Pathways through which people may become organ and tissue donors can be confusing. Pathways to consent for donation (for yourself) while still alive thereby authorizing action upon your own wishes should no longer be confusing.
A live donor may give a kidney, partial liver, partial lung, partial intestine, or partial pancreas.
A deceased donor may give one or both lungs, a heart, a liver (or 2 pieces of a liver for 2 different recipients), a pancreas, a small intestine, two kidneys, a face, two hands, tissue for up to 50 different recipients.
Organs will not be recovered (procured) for donation unless death has been declared by a physician who has no connection to the organ donation team.
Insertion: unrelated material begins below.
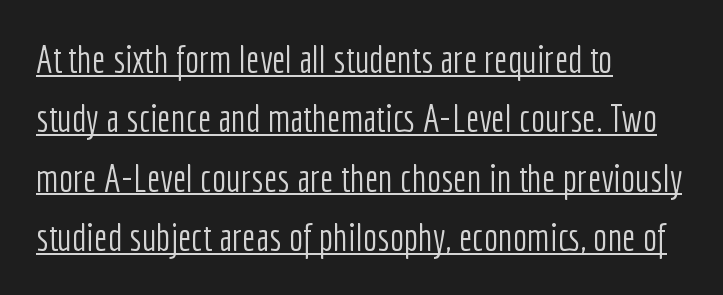
Is the type heavy? It reads as light-to-regular instead. The rendering uses the underline text-decoration. Short note: letters normally spaced. Horizontally, the lines are justified to the leading edge only.

Death may be legally declared on the basis of two different criteria. In the first pathway to organ donation, brain death has occurred and has been formally declared. Very specific criteria must be met including: a body temperature of >96.8 degrees, exclusion of drug intoxication or poisoning, absence of spontaneous breathing, absence of movement or responsiveness (except for reflexes), absence of brainstem activity.
Not all individuals with severe neurologic injury will end up with death of the brain. Today, many of us have advised our families or healthcare proxies that we would not like to be maintained in vegetative or moribund states. Families are legally and socially supported in decisions to withdraw supportive care in these circumstances. Following such a decision, a family may be approached about organ donation with the following question: "If your loved one dies within one hour of the withdrawal of support (for example, after the breathing tube has been removed) and a physician who is separate from the organ donation team declares that death has occurred because circulation has stopped, can the organs be rapidly removed for the purpose of organ donation? This is donation after circulatory death (DCD).
When support has been withdrawn from a person with consent for DCD but death does not happen within 60 minutes, organ donation does not occur. The individual will still be expected to die but the focus remains comfort care. No organ recovery takes place because death has not occurred within the timeframe necessary for the organs to remain transplantable.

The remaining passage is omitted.